* **EXERCISE DIRECTIONS**
Return the records word for word. Pictures do not belong in the copy.

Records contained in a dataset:
==============================

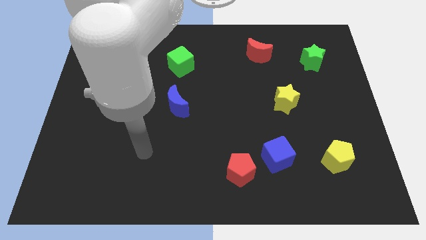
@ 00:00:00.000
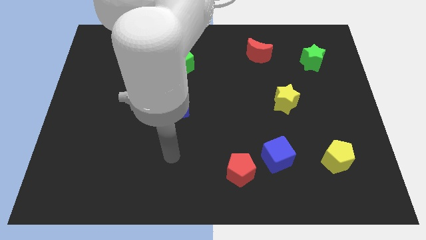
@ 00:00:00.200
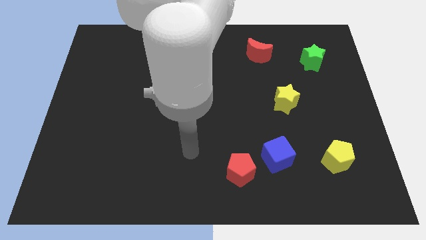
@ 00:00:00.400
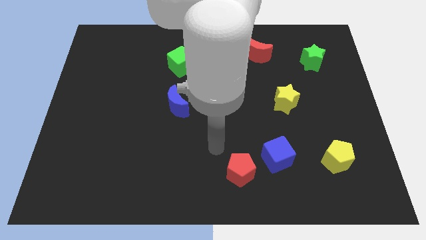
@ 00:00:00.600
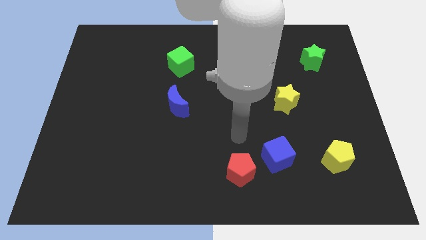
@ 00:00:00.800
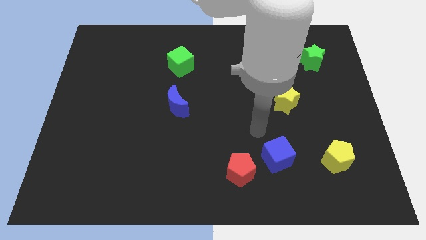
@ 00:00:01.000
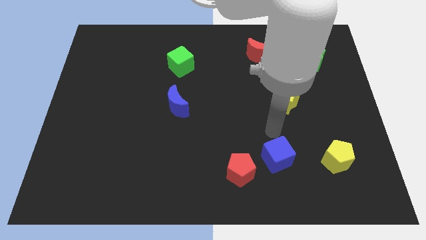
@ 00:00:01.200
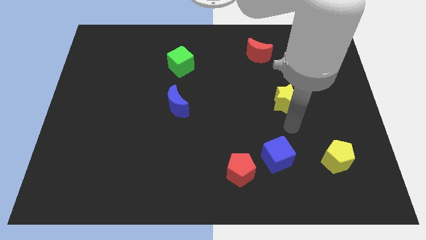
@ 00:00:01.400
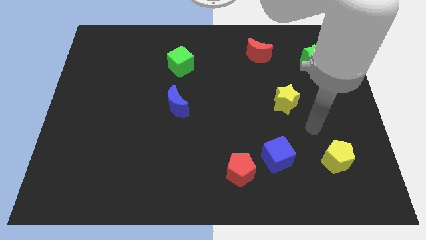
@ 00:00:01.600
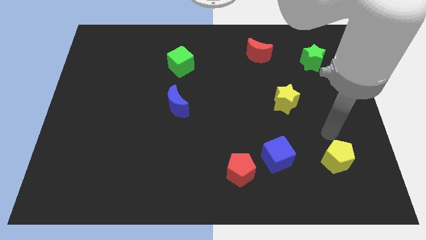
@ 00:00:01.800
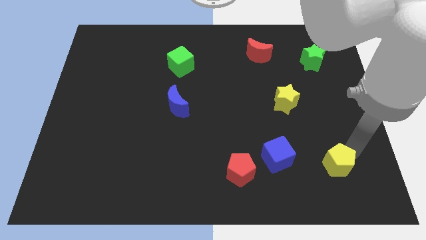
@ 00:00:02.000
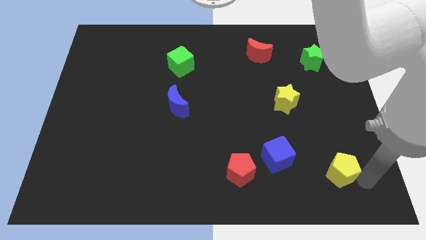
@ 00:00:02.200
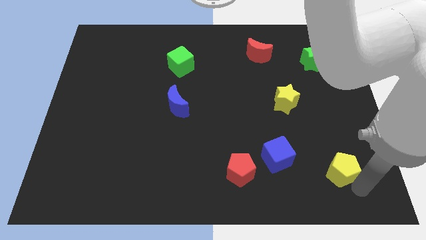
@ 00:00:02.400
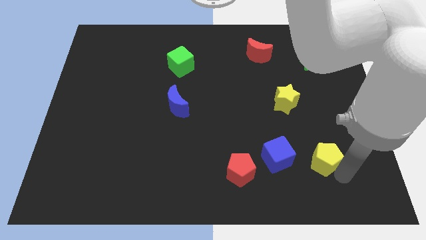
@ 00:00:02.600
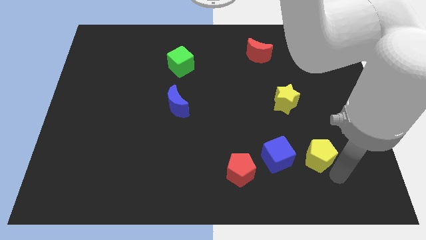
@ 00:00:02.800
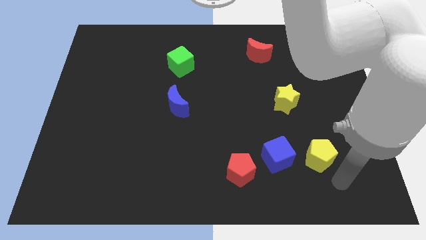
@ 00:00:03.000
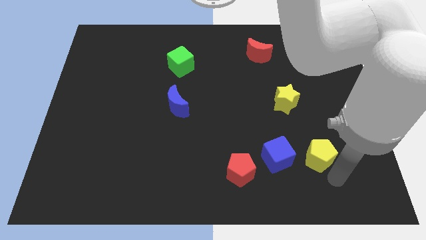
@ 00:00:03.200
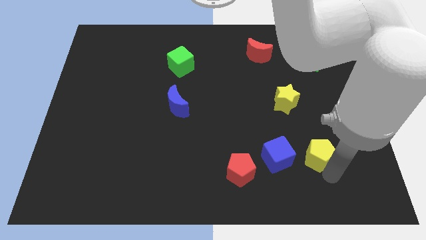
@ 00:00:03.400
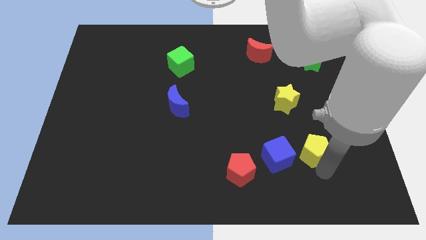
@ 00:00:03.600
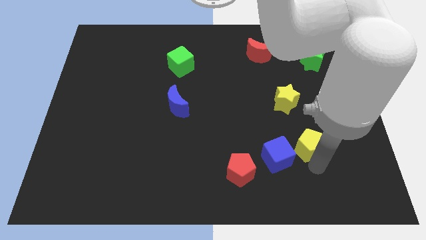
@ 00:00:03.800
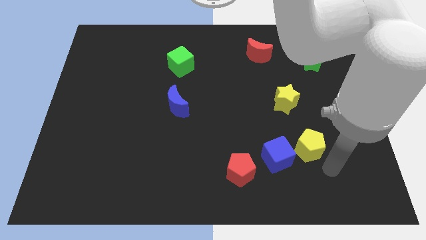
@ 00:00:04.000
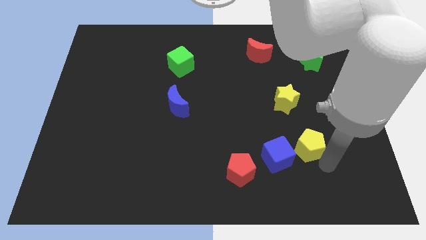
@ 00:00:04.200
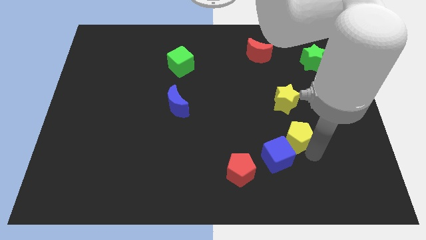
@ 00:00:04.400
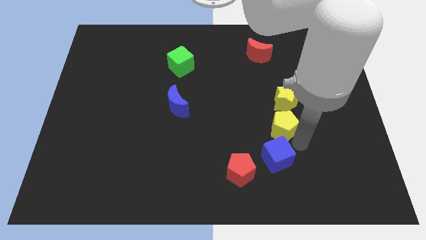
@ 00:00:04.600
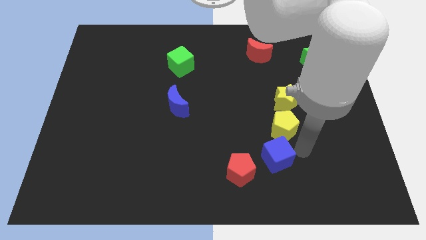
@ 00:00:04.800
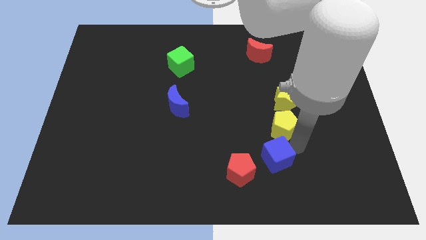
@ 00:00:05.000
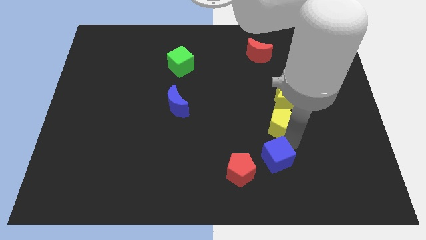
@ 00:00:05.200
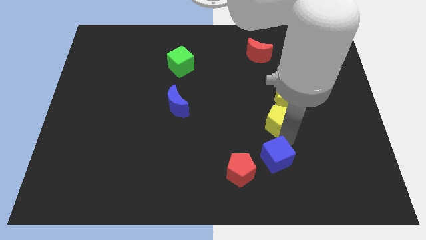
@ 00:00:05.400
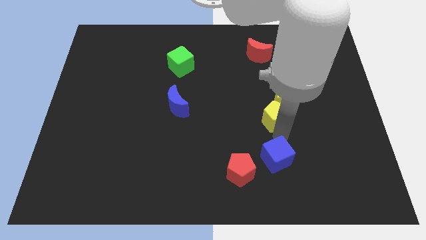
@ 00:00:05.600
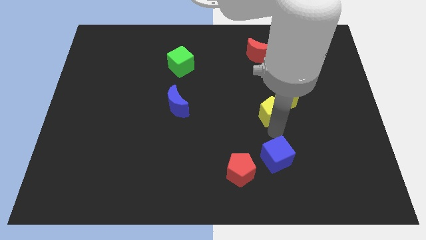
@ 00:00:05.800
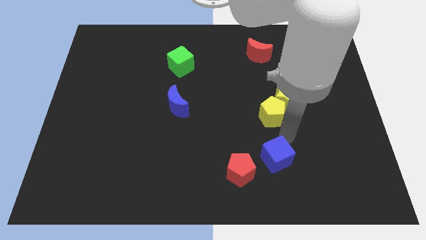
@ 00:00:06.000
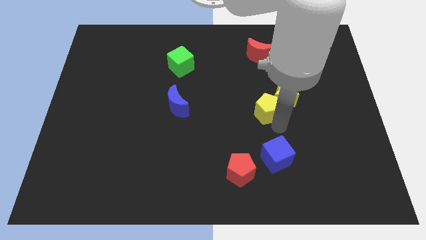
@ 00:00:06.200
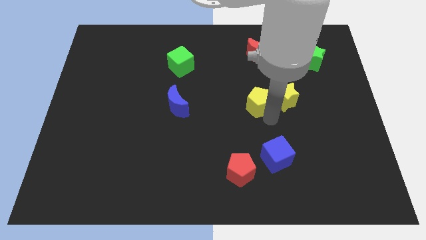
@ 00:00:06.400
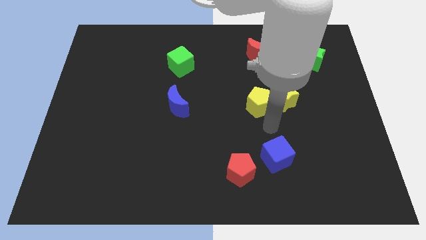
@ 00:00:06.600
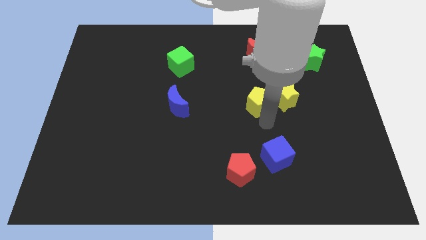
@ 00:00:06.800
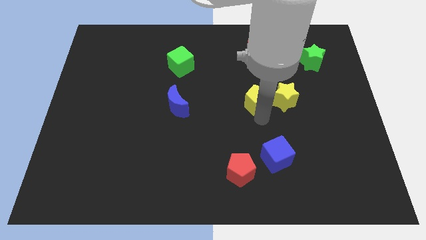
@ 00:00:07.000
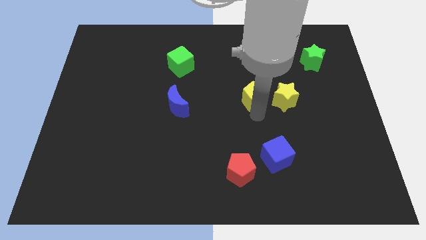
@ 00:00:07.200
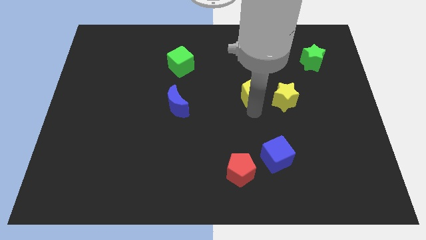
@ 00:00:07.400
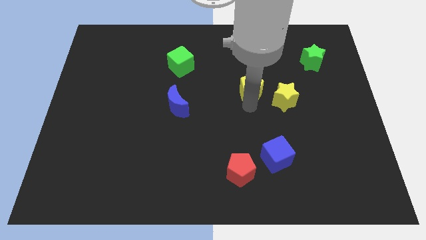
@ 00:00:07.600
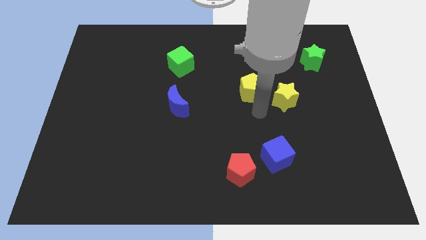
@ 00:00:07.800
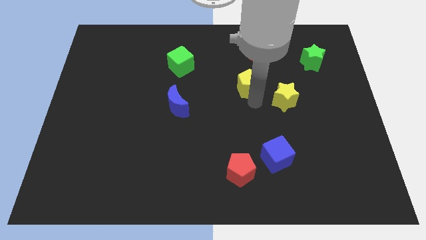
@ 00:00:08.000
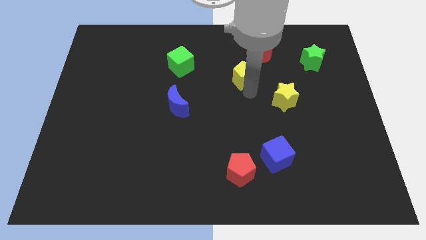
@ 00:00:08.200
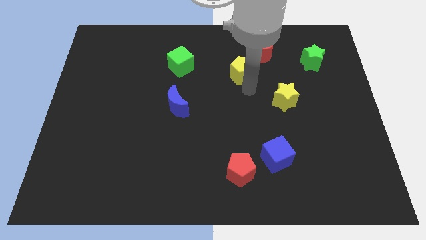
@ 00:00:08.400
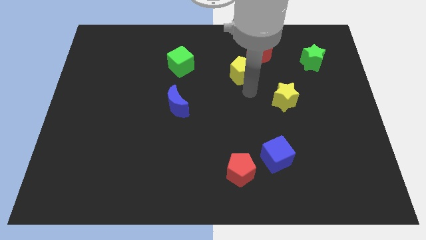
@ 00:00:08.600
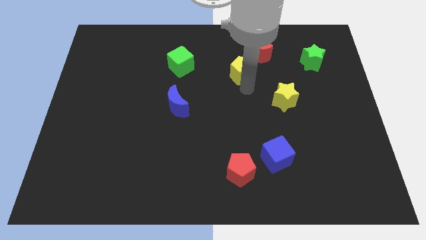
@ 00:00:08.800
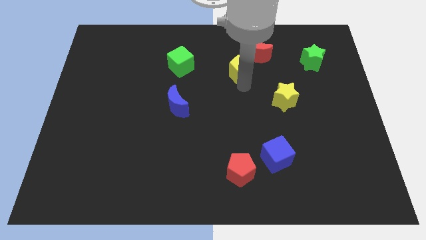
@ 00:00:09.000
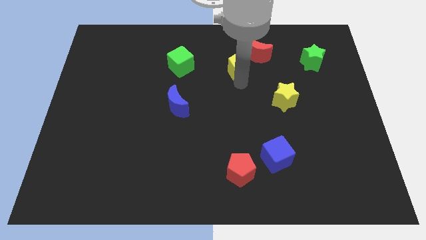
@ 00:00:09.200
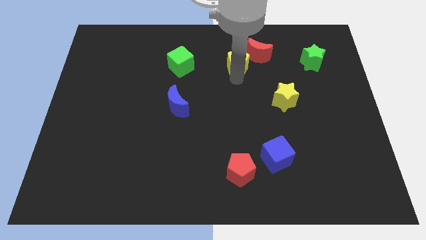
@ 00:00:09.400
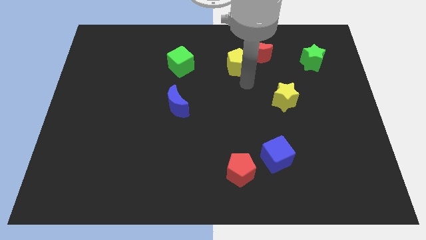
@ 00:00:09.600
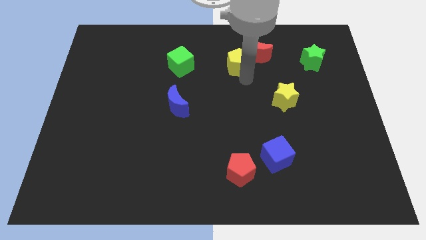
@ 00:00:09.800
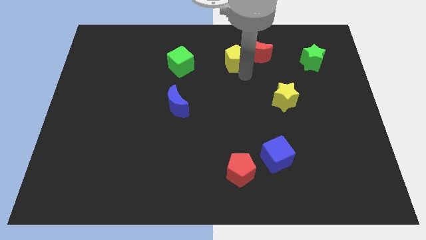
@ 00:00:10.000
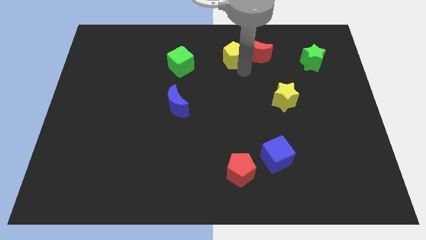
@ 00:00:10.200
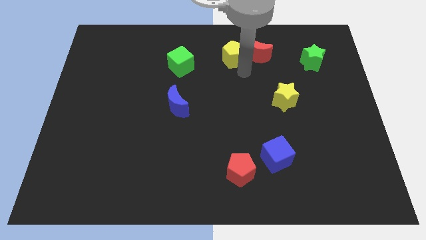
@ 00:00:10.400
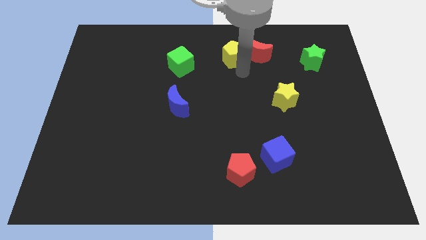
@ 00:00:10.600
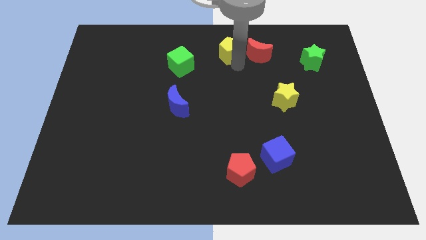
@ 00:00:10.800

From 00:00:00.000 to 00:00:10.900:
move the yellow pentagon to the top

==============================

* **PROBLEM SOLUTION**
@ 00:00:00.000
@ 00:00:00.200
@ 00:00:00.400
@ 00:00:00.600
@ 00:00:00.800
@ 00:00:01.000
@ 00:00:01.200
@ 00:00:01.400
@ 00:00:01.600
@ 00:00:01.800
@ 00:00:02.000
@ 00:00:02.200
@ 00:00:02.400
@ 00:00:02.600
@ 00:00:02.800
@ 00:00:03.000
@ 00:00:03.200
@ 00:00:03.400
@ 00:00:03.600
@ 00:00:03.800
@ 00:00:04.000
@ 00:00:04.200
@ 00:00:04.400
@ 00:00:04.600
@ 00:00:04.800
@ 00:00:05.000
@ 00:00:05.200
@ 00:00:05.400
@ 00:00:05.600
@ 00:00:05.800
@ 00:00:06.000
@ 00:00:06.200
@ 00:00:06.400
@ 00:00:06.600
@ 00:00:06.800
@ 00:00:07.000
@ 00:00:07.200
@ 00:00:07.400
@ 00:00:07.600
@ 00:00:07.800
@ 00:00:08.000
@ 00:00:08.200
@ 00:00:08.400
@ 00:00:08.600
@ 00:00:08.800
@ 00:00:09.000
@ 00:00:09.200
@ 00:00:09.400
@ 00:00:09.600
@ 00:00:09.800
@ 00:00:10.000
@ 00:00:10.200
@ 00:00:10.400
@ 00:00:10.600
@ 00:00:10.800

From 00:00:00.000 to 00:00:10.900:
move the yellow pentagon to the top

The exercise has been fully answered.